----- Provided data -----

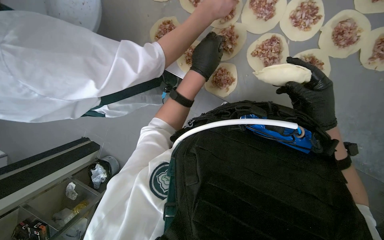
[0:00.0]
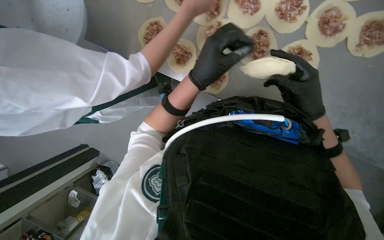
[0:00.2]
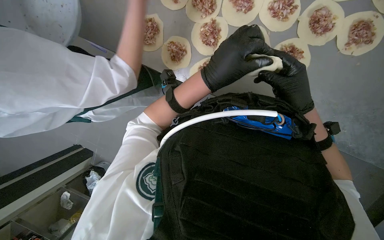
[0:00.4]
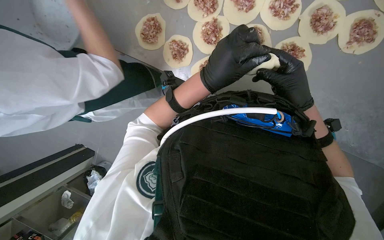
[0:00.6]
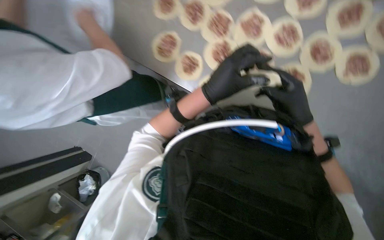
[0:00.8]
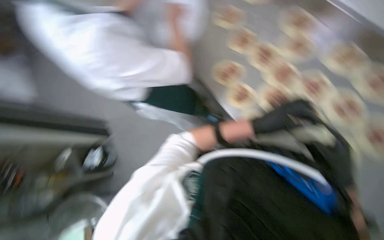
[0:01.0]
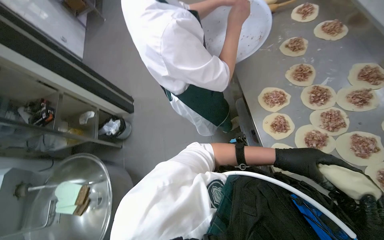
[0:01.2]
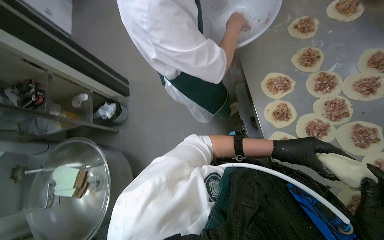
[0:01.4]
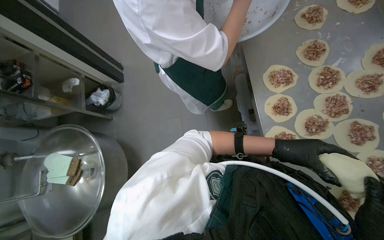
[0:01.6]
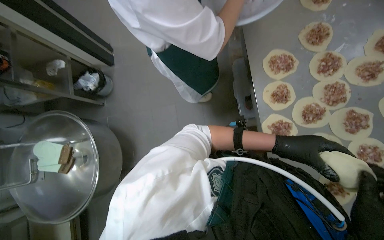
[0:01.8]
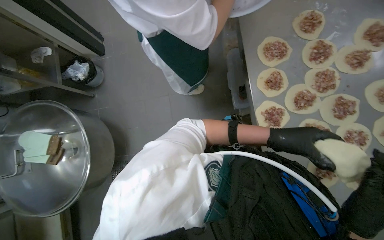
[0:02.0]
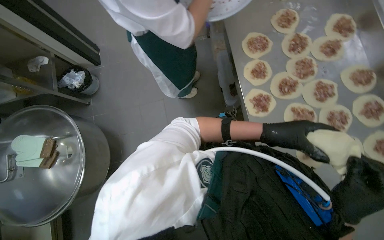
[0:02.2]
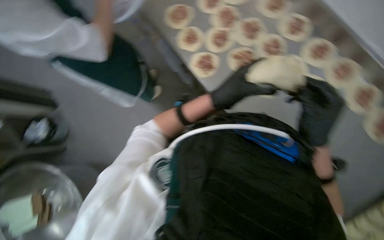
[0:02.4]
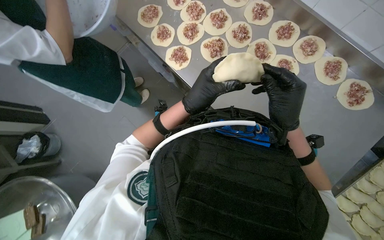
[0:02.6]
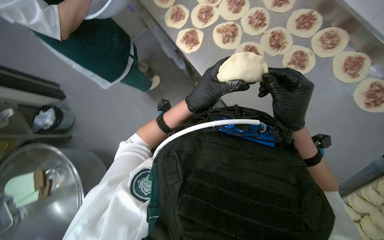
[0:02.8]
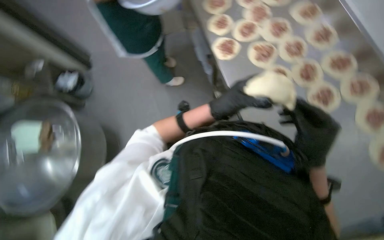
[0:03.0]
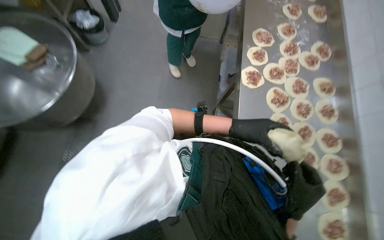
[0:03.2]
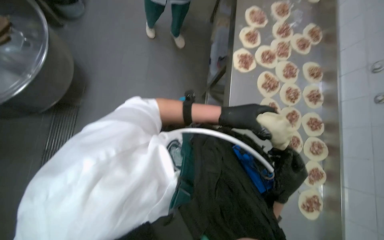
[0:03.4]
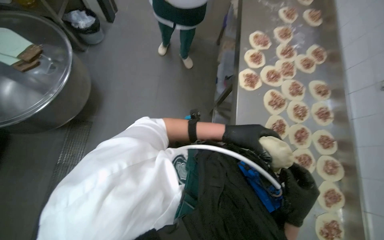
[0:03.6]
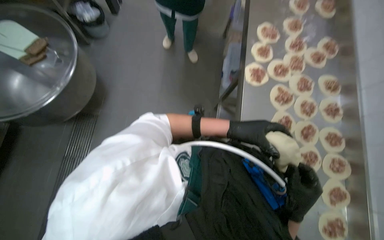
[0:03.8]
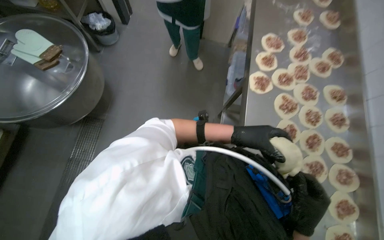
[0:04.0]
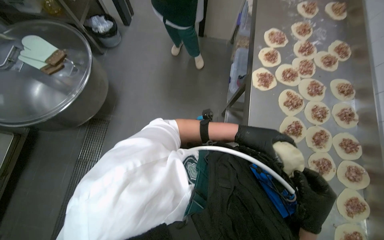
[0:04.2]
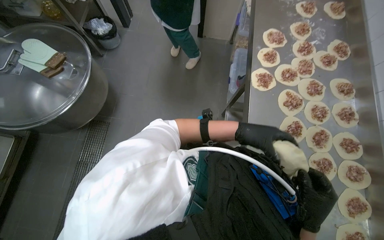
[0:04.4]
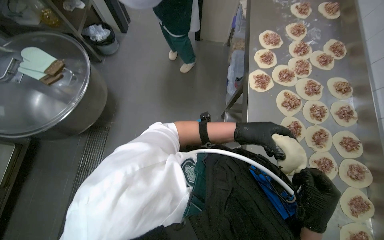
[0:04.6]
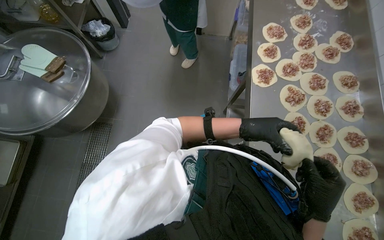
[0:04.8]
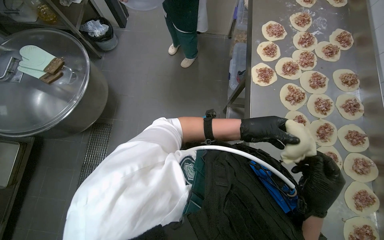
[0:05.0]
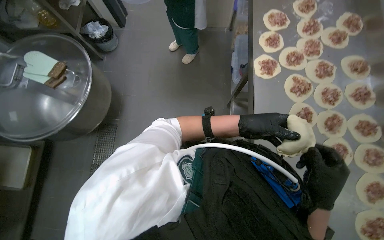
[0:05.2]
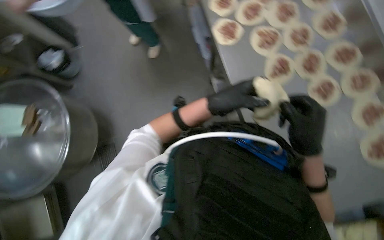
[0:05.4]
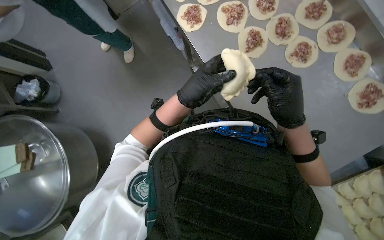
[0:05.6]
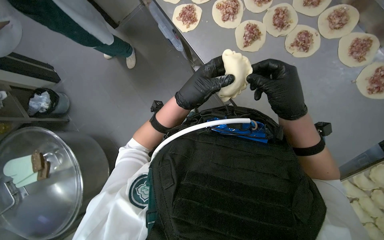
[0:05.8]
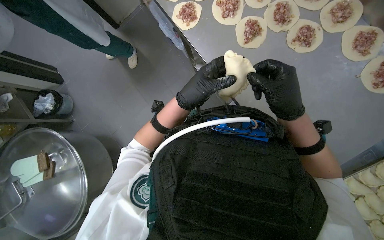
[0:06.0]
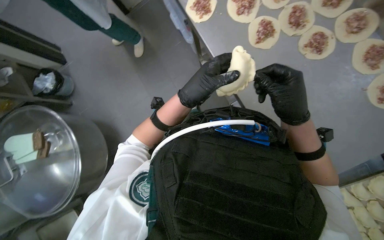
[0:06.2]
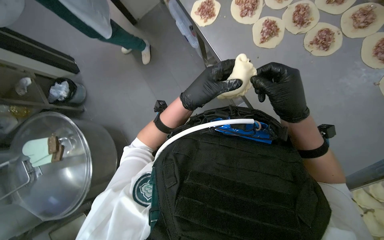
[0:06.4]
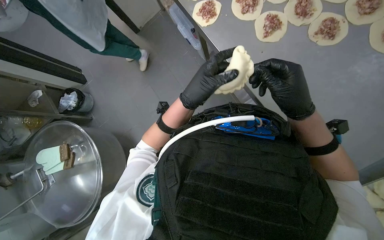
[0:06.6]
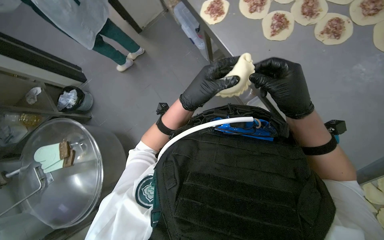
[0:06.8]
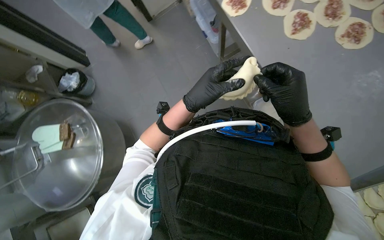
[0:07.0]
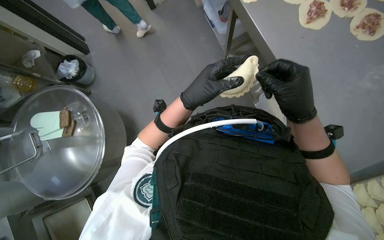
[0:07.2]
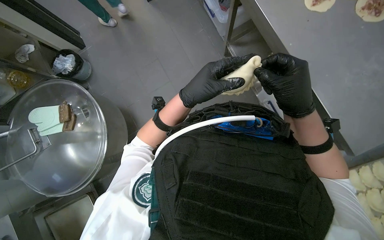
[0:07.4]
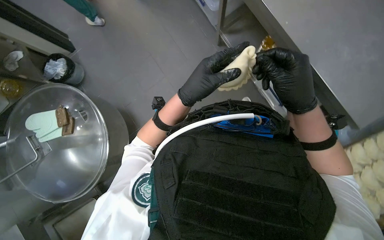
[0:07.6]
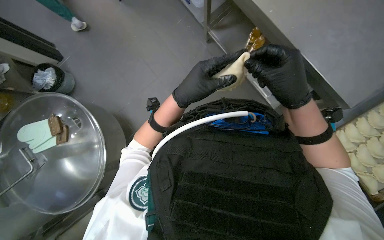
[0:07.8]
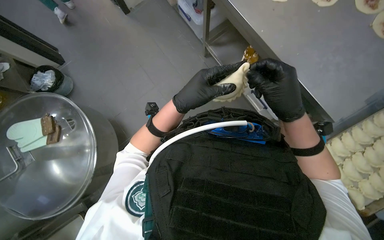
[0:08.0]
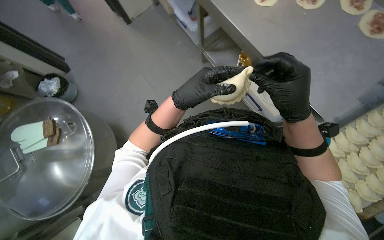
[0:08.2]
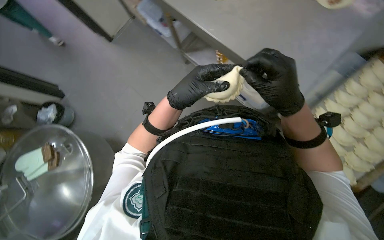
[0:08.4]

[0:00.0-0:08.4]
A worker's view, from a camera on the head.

-----

→ Assignment: Go through the entries and retype them exactly, except for the images.

→ Expected output:
[0:00.0]
[0:00.2]
[0:00.4]
[0:00.6]
[0:00.8]
[0:01.0]
[0:01.2]
[0:01.4]
[0:01.6]
[0:01.8]
[0:02.0]
[0:02.2]
[0:02.4]
[0:02.6]
[0:02.8]
[0:03.0]
[0:03.2]
[0:03.4]
[0:03.6]
[0:03.8]
[0:04.0]
[0:04.2]
[0:04.4]
[0:04.6]
[0:04.8]
[0:05.0]
[0:05.2]
[0:05.4]
[0:05.6]
[0:05.8]
[0:06.0]
[0:06.2]
[0:06.4]
[0:06.6]
[0:06.8]
[0:07.0]
[0:07.2]
[0:07.4]
[0:07.6]
[0:07.8]
[0:08.0]
[0:08.2]
[0:08.4]

[0:00.0-0:08.4]
A worker's view, from a camera on the head.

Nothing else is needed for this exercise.